## Work order
Write out each line of the records that has "none" in it.
(Beginning of Given data)
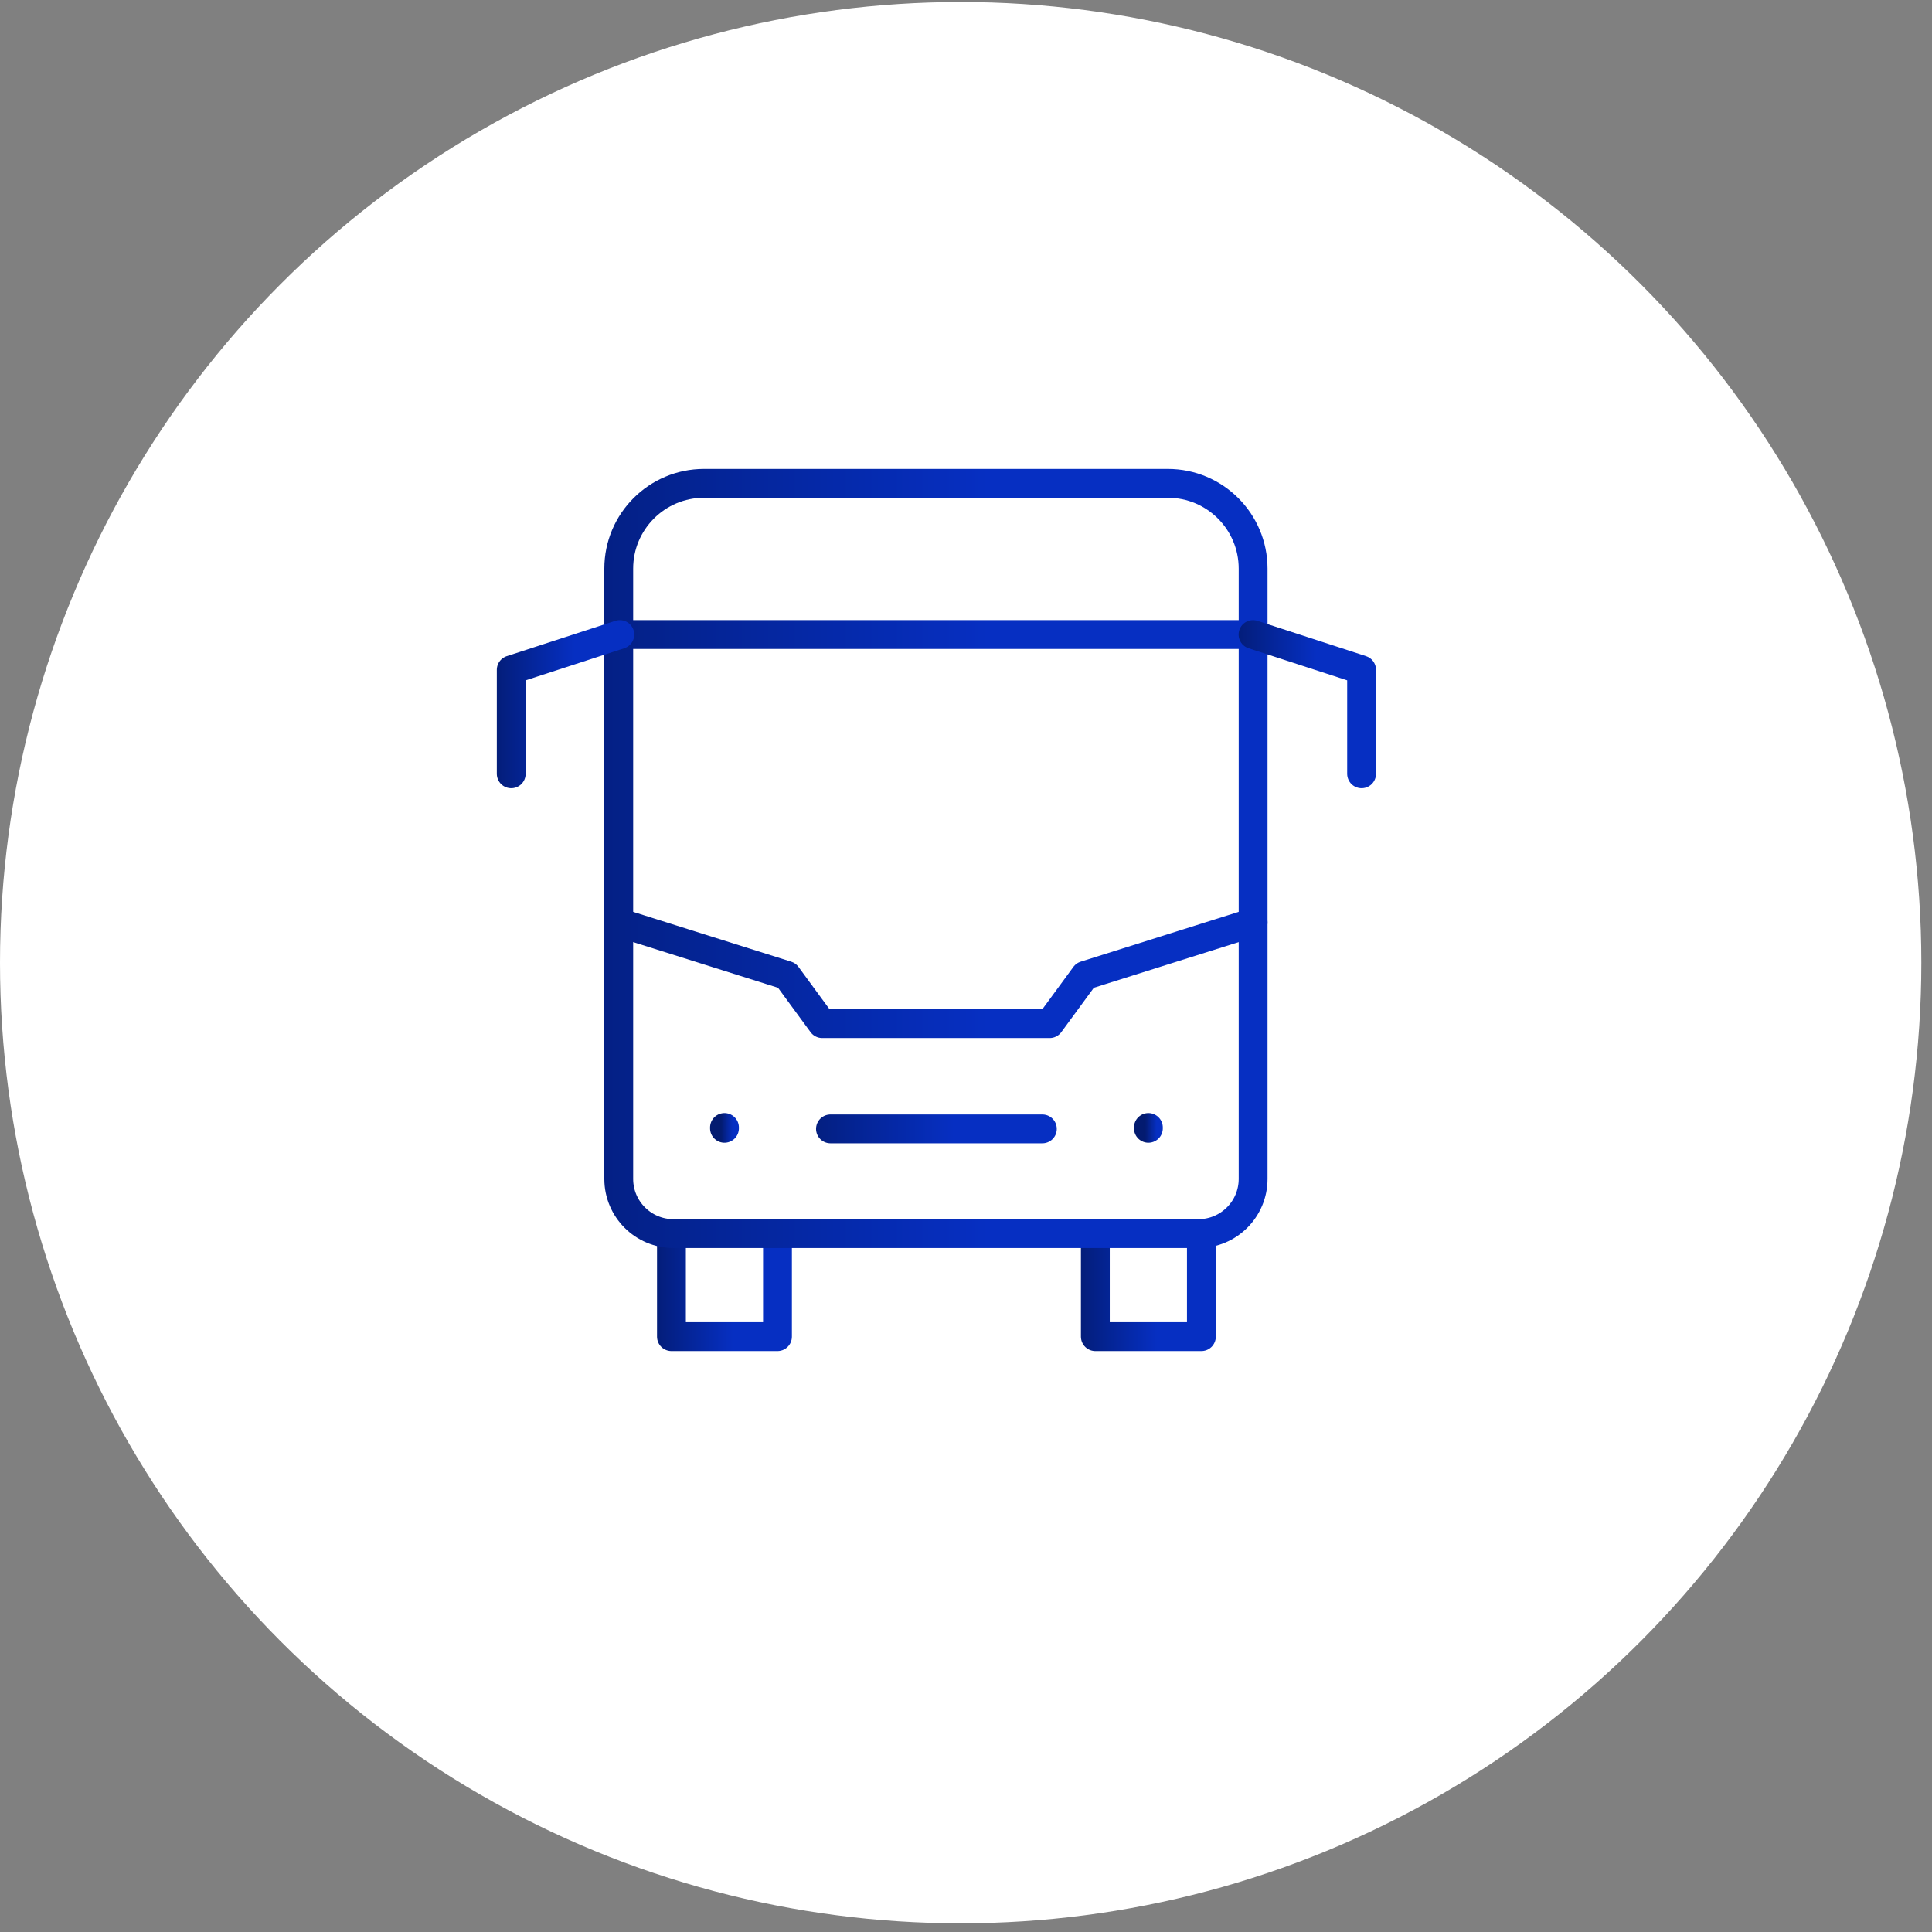 <?xml version="1.0" encoding="UTF-8"?>
<svg xmlns="http://www.w3.org/2000/svg" width="134" height="134" viewBox="0 0 134 134" fill="none">
  <rect x="0" y="0" width="134" height="134" fill="#808080" stroke="none"/>
  <circle cx="66.63" cy="66.769" r="66.63" fill="white"></circle>
  <path d="M83.326 85.628V92.707H75.971V85.628" stroke="url(#paint0_linear_218_2415)" stroke-width="2" stroke-miterlimit="10" stroke-linecap="round" stroke-linejoin="round"></path>
  <path d="M53.925 85.628V92.707H46.57V85.628" stroke="url(#paint1_linear_218_2415)" stroke-width="2" stroke-miterlimit="10" stroke-linecap="round" stroke-linejoin="round"></path>
  <path d="M83.121 85.559H46.708C44.613 85.559 42.915 83.861 42.915 81.766V44.01H86.914V81.766C86.914 83.861 85.216 85.559 83.121 85.559Z" stroke="url(#paint2_linear_218_2415)" stroke-width="2" stroke-miterlimit="10" stroke-linecap="round" stroke-linejoin="round"></path>
  <path d="M42.915 44.01V39.439C42.915 36.172 45.563 33.524 48.83 33.524H80.999C84.266 33.524 86.914 36.172 86.914 39.439V44.01" stroke="url(#paint3_linear_218_2415)" stroke-width="2" stroke-miterlimit="10" stroke-linecap="round" stroke-linejoin="round"></path>
  <path d="M42.915 63.979L54.575 67.654L57.026 70.997H72.803L75.254 67.654L86.914 63.979" stroke="url(#paint4_linear_218_2415)" stroke-width="2" stroke-miterlimit="10" stroke-linecap="round" stroke-linejoin="round"></path>
  <path d="M57.6 78.298H72.296" stroke="url(#paint5_linear_218_2415)" stroke-width="2" stroke-miterlimit="10" stroke-linecap="round" stroke-linejoin="round"></path>
  <path d="M86.908 44.01L94.438 46.46V53.67" stroke="url(#paint6_linear_218_2415)" stroke-width="2" stroke-miterlimit="10" stroke-linecap="round" stroke-linejoin="round"></path>
  <path d="M42.989 44.01L35.458 46.46V53.67" stroke="url(#paint7_linear_218_2415)" stroke-width="2" stroke-miterlimit="10" stroke-linecap="round" stroke-linejoin="round"></path>
  <path d="M79.65 78.201V78.258" stroke="url(#paint8_linear_218_2415)" stroke-width="2" stroke-miterlimit="10" stroke-linecap="round" stroke-linejoin="round"></path>
  <path d="M50.249 78.201V78.258" stroke="url(#paint9_linear_218_2415)" stroke-width="2" stroke-miterlimit="10" stroke-linecap="round" stroke-linejoin="round"></path>
  <defs>
    <linearGradient id="paint0_linear_218_2415" x1="80.254" y1="85.628" x2="74.249" y2="85.628" gradientUnits="userSpaceOnUse">
      <stop stop-color="#062FC2"></stop>
      <stop offset="1" stop-color="#031B70"></stop>
    </linearGradient>
    <linearGradient id="paint1_linear_218_2415" x1="50.853" y1="85.628" x2="44.848" y2="85.628" gradientUnits="userSpaceOnUse">
      <stop stop-color="#062FC2"></stop>
      <stop offset="1" stop-color="#031B70"></stop>
    </linearGradient>
    <linearGradient id="paint2_linear_218_2415" x1="68.535" y1="44.01" x2="32.611" y2="44.01" gradientUnits="userSpaceOnUse">
      <stop stop-color="#062FC2"></stop>
      <stop offset="1" stop-color="#031B70"></stop>
    </linearGradient>
    <linearGradient id="paint3_linear_218_2415" x1="68.535" y1="33.524" x2="32.611" y2="33.524" gradientUnits="userSpaceOnUse">
      <stop stop-color="#062FC2"></stop>
      <stop offset="1" stop-color="#031B70"></stop>
    </linearGradient>
    <linearGradient id="paint4_linear_218_2415" x1="68.535" y1="63.979" x2="32.611" y2="63.979" gradientUnits="userSpaceOnUse">
      <stop stop-color="#062FC2"></stop>
      <stop offset="1" stop-color="#031B70"></stop>
    </linearGradient>
    <linearGradient id="paint5_linear_218_2415" x1="66.157" y1="78.298" x2="54.158" y2="78.298" gradientUnits="userSpaceOnUse">
      <stop stop-color="#062FC2"></stop>
      <stop offset="1" stop-color="#031B70"></stop>
    </linearGradient>
    <linearGradient id="paint6_linear_218_2415" x1="91.293" y1="44.01" x2="85.144" y2="44.01" gradientUnits="userSpaceOnUse">
      <stop stop-color="#062FC2"></stop>
      <stop offset="1" stop-color="#031B70"></stop>
    </linearGradient>
    <linearGradient id="paint7_linear_218_2415" x1="39.843" y1="44.01" x2="33.695" y2="44.01" gradientUnits="userSpaceOnUse">
      <stop stop-color="#062FC2"></stop>
      <stop offset="1" stop-color="#031B70"></stop>
    </linearGradient>
    <linearGradient id="paint8_linear_218_2415" x1="80.232" y1="78.201" x2="79.416" y2="78.201" gradientUnits="userSpaceOnUse">
      <stop stop-color="#062FC2"></stop>
      <stop offset="1" stop-color="#031B70"></stop>
    </linearGradient>
    <linearGradient id="paint9_linear_218_2415" x1="50.831" y1="78.201" x2="50.015" y2="78.201" gradientUnits="userSpaceOnUse">
      <stop stop-color="#062FC2"></stop>
      <stop offset="1" stop-color="#031B70"></stop>
    </linearGradient>
  </defs>
</svg>
(End of Given data)
## Output of the exercise
<svg xmlns="http://www.w3.org/2000/svg" width="134" height="134" viewBox="0 0 134 134" fill="none">
  <rect x="0" y="0" width="134" height="134" fill="#808080" stroke="none"/>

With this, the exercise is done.